>>>>

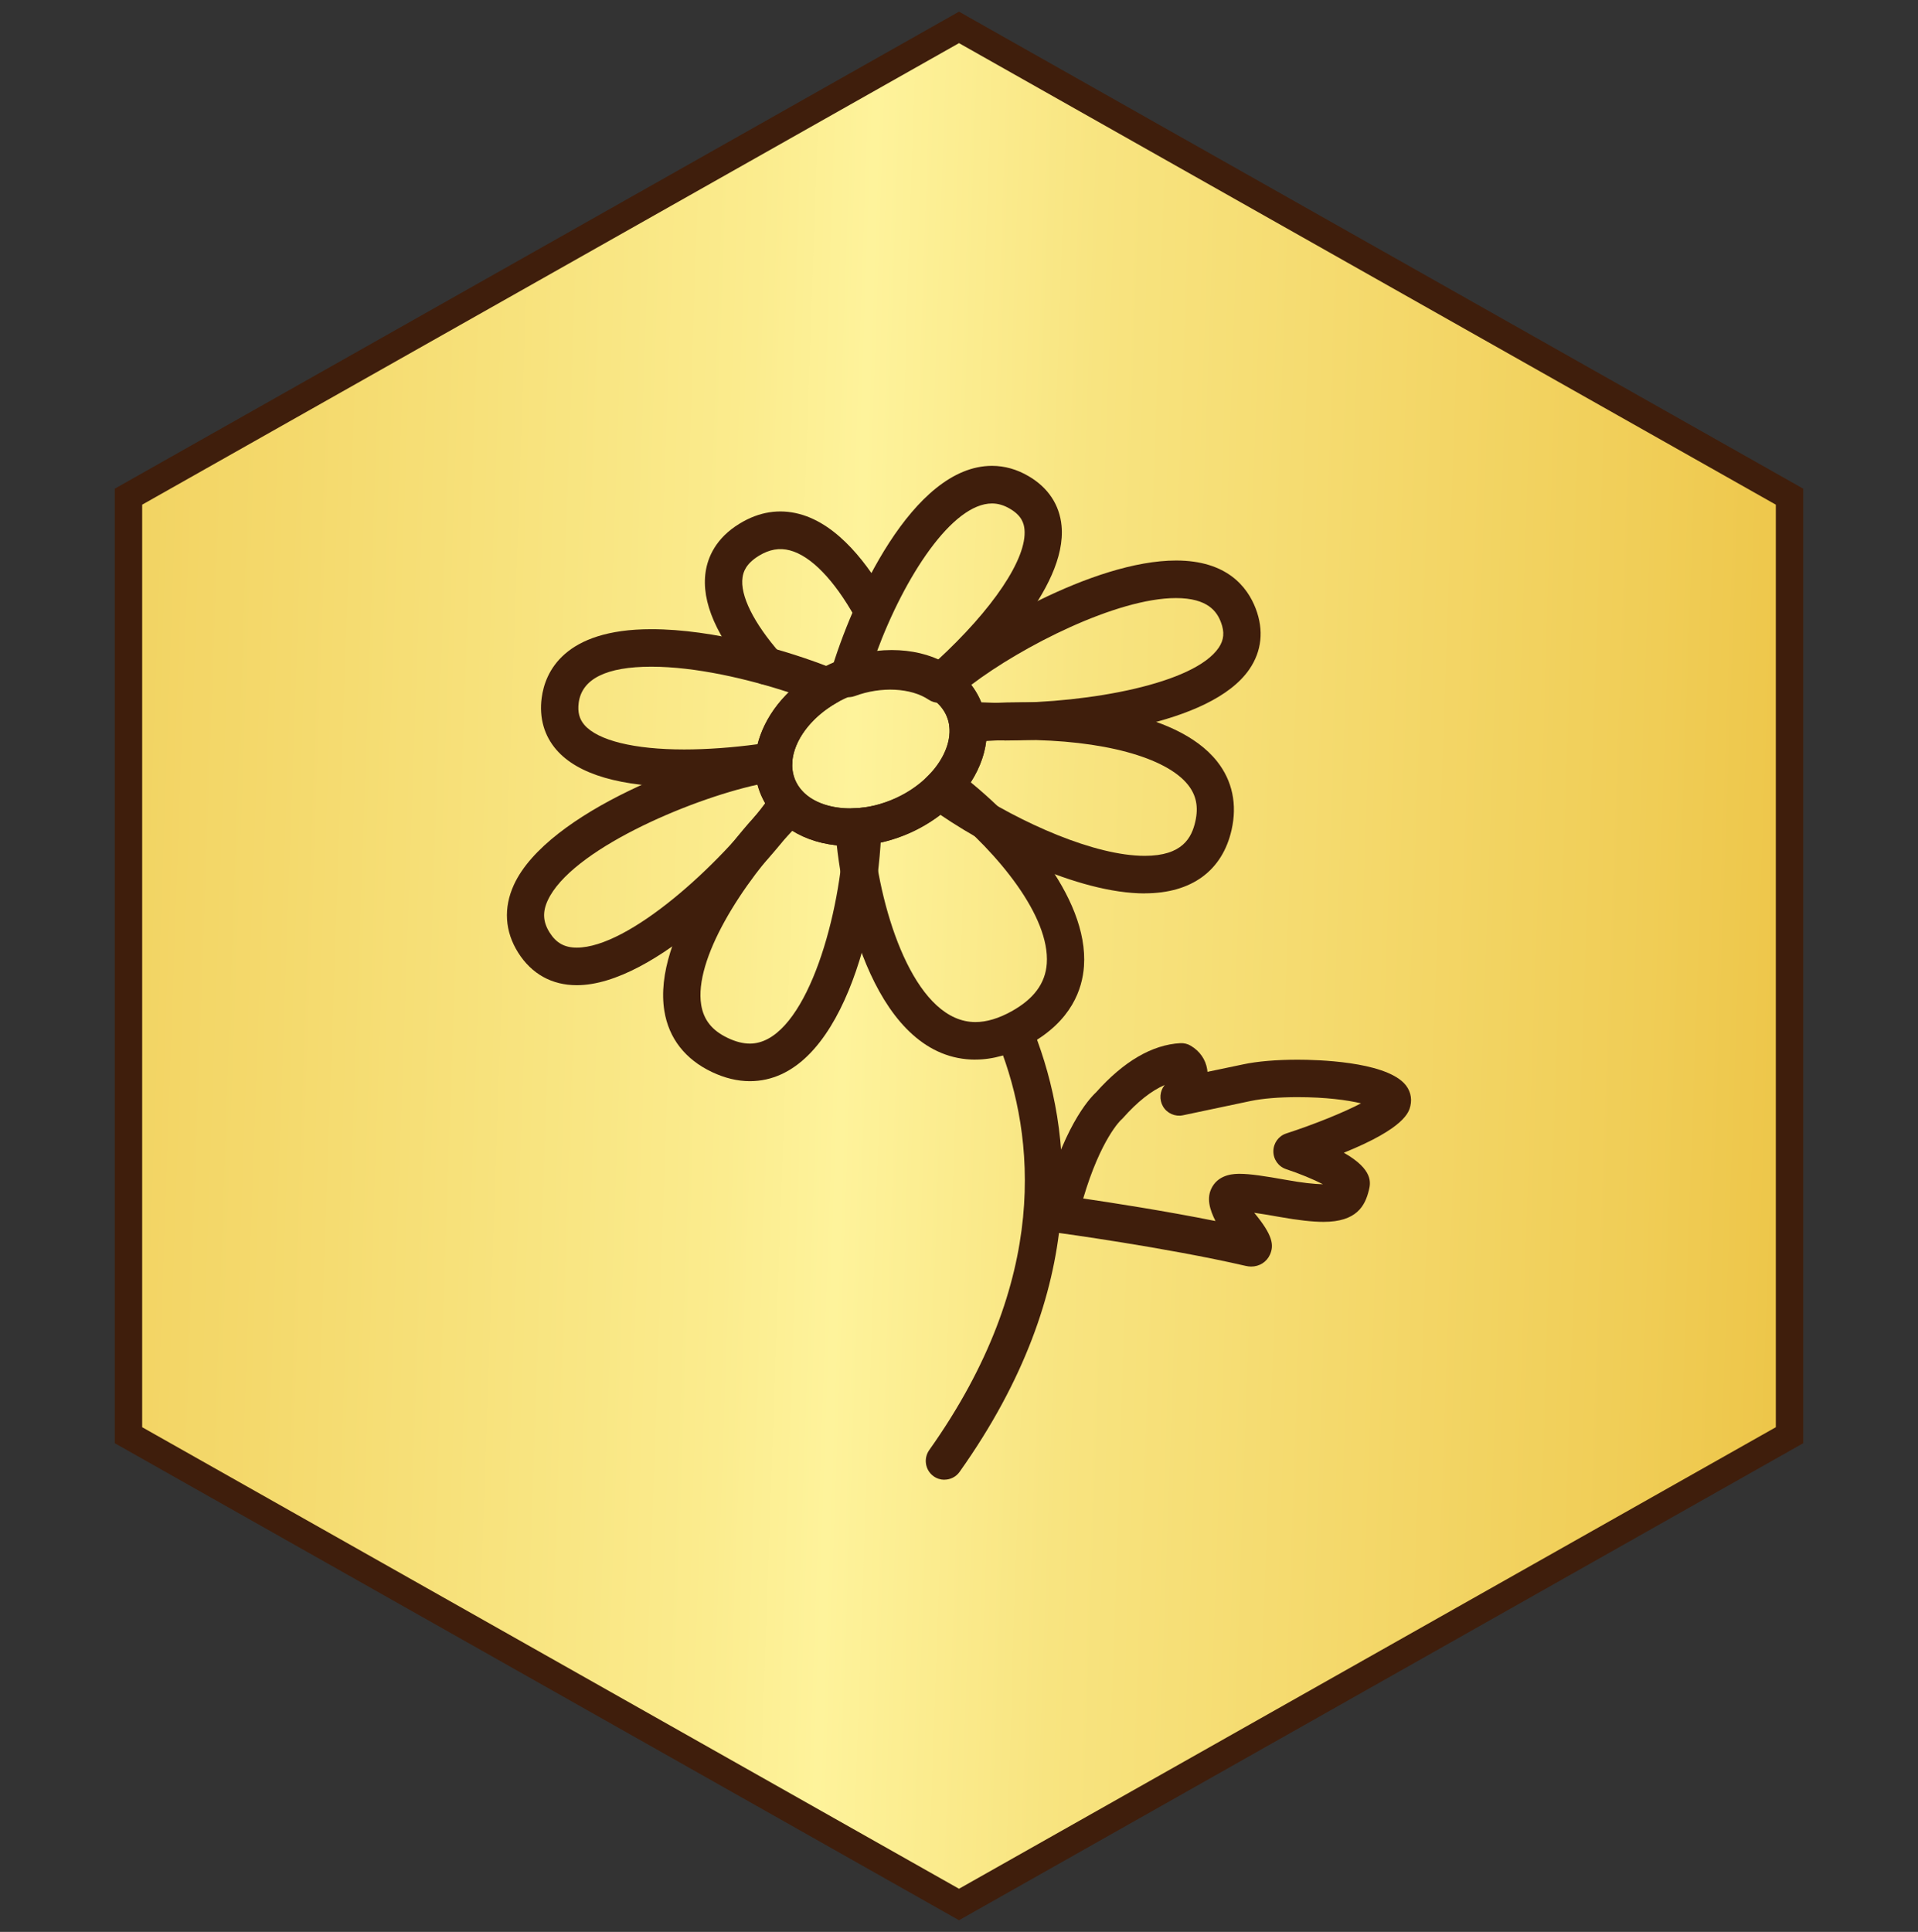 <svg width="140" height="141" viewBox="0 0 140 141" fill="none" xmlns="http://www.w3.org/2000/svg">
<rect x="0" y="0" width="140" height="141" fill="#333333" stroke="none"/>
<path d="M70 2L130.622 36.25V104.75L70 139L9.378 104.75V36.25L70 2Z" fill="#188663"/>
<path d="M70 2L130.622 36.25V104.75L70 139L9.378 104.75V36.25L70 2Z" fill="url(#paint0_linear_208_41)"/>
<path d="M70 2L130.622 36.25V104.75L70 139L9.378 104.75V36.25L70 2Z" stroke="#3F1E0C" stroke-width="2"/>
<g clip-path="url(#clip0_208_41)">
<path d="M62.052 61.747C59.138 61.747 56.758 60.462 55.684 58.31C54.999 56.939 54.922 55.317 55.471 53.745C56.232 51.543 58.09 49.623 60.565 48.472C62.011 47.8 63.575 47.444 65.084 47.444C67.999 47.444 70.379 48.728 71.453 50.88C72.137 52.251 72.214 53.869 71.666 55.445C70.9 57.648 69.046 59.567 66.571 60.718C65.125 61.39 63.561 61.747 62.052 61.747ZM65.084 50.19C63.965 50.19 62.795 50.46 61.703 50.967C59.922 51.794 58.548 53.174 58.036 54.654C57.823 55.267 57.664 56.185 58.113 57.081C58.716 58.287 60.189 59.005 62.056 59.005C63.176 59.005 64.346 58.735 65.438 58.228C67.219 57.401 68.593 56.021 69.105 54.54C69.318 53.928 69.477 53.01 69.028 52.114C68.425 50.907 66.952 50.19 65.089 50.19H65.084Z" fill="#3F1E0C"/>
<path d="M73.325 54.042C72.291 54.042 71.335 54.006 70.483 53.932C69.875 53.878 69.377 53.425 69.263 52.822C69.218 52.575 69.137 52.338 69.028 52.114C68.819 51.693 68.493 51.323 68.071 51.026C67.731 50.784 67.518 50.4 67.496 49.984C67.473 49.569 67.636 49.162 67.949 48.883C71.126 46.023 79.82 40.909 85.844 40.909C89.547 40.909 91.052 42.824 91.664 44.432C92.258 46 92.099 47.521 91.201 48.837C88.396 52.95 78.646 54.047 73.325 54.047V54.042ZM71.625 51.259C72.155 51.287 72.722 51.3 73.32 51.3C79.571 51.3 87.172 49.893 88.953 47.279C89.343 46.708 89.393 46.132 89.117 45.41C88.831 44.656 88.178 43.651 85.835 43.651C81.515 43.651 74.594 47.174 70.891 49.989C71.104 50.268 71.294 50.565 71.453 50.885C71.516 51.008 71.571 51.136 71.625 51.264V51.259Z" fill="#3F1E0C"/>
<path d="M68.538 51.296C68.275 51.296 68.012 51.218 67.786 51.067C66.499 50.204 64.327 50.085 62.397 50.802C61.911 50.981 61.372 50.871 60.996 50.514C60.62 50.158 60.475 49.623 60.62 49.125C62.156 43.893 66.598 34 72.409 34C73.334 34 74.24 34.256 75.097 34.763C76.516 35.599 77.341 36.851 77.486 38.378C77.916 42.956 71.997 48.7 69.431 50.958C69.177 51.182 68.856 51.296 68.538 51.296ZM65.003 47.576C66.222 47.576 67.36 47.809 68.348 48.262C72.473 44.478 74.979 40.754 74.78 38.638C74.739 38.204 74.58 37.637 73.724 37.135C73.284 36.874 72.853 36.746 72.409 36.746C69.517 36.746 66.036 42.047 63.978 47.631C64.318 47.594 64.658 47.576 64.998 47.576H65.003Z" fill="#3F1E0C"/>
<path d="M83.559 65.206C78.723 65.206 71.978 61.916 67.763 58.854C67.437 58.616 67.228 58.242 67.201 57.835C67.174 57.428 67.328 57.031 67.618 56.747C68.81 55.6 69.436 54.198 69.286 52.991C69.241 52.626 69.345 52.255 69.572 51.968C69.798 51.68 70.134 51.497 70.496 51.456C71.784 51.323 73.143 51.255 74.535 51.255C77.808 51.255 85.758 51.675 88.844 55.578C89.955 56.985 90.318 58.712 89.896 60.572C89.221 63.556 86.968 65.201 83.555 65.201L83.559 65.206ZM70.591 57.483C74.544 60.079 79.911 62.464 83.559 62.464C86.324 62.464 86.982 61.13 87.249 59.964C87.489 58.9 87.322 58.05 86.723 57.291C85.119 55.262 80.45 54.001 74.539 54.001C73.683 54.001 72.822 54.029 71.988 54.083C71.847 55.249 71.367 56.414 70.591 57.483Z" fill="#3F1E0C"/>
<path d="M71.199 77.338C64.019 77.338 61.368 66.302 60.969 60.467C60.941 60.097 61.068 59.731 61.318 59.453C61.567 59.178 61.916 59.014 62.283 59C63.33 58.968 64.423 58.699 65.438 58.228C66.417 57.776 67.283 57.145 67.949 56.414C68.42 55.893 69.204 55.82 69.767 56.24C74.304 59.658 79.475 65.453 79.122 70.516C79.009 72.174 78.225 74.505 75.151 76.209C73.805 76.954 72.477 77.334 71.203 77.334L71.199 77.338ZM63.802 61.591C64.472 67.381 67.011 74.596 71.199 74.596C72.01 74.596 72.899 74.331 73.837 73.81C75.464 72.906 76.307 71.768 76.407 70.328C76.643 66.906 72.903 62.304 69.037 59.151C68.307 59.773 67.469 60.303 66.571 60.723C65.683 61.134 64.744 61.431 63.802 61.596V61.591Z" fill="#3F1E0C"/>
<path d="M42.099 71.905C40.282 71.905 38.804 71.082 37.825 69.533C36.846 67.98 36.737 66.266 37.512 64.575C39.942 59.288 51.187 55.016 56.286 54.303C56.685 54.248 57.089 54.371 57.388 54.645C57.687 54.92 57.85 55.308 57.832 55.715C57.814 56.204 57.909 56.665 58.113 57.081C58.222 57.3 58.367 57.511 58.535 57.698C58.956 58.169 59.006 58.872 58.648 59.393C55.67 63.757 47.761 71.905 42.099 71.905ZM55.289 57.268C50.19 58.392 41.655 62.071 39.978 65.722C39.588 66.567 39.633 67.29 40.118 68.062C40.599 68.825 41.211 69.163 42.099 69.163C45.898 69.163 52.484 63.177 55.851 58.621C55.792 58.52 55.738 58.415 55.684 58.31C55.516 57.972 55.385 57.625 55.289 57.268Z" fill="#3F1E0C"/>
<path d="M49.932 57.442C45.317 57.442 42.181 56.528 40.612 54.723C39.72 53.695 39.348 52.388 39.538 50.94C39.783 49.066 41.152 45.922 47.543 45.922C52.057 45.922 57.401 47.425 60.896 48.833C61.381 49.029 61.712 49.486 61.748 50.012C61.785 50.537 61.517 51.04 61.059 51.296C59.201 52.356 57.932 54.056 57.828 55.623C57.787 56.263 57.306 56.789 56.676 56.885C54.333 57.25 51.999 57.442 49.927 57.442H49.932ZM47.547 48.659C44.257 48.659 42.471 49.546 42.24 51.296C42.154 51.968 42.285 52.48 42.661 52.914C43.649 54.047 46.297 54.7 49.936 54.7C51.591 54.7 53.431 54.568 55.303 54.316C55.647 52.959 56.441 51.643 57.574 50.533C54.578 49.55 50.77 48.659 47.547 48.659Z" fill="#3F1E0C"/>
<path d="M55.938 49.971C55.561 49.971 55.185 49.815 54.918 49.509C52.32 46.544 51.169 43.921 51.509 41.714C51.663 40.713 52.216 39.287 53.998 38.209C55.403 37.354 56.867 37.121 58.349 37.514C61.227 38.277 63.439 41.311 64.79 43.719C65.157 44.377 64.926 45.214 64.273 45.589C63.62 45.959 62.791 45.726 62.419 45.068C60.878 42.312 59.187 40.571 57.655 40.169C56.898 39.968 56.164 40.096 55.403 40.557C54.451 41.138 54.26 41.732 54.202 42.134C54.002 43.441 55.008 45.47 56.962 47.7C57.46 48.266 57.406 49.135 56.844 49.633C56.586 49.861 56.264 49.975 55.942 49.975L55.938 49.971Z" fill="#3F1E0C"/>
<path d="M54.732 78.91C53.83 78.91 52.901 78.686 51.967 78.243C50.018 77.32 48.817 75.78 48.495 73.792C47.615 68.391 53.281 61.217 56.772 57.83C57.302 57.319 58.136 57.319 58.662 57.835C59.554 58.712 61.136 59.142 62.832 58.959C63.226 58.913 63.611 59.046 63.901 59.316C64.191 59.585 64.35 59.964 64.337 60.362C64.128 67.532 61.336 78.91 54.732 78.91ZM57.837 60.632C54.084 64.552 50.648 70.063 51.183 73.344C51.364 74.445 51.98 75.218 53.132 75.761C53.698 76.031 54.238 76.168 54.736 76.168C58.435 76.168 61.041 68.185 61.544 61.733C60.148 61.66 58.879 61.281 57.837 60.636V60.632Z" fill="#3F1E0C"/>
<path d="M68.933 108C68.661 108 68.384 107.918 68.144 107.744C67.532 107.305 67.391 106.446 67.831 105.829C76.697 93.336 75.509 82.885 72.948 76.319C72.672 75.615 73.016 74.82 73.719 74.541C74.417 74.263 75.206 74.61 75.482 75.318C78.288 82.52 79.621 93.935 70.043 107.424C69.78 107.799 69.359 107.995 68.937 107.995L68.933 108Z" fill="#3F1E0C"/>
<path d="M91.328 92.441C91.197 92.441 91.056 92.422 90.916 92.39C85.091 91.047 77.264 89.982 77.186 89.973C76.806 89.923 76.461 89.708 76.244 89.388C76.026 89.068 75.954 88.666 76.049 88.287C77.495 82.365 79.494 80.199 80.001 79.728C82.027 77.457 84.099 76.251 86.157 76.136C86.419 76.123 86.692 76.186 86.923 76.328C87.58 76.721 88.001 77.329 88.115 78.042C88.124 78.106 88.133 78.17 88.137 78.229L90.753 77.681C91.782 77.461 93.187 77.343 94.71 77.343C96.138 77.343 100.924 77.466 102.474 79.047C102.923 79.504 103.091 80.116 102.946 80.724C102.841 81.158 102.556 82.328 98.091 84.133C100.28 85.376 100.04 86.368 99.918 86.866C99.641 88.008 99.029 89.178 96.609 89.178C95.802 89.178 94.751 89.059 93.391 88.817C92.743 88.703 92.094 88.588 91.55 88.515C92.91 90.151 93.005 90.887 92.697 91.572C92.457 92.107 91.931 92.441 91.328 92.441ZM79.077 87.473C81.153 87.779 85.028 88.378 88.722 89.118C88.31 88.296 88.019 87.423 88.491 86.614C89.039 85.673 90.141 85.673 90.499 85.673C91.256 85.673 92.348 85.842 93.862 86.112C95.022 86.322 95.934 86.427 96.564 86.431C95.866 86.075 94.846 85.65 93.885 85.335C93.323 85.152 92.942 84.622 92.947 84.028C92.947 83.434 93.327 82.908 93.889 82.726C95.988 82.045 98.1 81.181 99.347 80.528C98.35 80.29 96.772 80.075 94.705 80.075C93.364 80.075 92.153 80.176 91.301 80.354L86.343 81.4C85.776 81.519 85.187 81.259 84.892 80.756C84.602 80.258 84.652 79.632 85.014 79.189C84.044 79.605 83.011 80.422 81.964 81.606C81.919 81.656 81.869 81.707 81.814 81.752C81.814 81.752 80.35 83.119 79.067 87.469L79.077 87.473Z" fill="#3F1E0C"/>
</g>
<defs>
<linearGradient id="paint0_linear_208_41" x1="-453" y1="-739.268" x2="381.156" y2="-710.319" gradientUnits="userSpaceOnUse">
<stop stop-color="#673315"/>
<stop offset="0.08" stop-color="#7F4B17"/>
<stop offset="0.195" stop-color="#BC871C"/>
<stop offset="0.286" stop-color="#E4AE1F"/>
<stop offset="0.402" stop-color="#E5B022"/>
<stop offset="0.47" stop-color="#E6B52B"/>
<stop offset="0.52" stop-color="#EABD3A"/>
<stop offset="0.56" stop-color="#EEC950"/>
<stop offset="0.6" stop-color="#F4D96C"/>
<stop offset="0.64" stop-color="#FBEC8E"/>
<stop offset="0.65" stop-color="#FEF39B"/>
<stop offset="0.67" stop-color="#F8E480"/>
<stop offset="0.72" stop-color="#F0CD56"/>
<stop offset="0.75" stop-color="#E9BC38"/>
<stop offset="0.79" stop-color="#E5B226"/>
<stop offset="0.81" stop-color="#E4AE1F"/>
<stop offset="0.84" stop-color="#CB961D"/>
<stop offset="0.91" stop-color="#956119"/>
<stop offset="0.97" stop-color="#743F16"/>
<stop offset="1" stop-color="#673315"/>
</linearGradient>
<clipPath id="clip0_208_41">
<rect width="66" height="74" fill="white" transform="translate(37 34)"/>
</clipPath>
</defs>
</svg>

<<<<

• _About this task_:
Which lines of the records contain "stroke"? Show each of them.

• _Answer box_:
<rect x="0" y="0" width="140" height="141" fill="#333333" stroke="none"/>
<path d="M70 2L130.622 36.25V104.75L70 139L9.378 104.75V36.25L70 2Z" stroke="#3F1E0C" stroke-width="2"/>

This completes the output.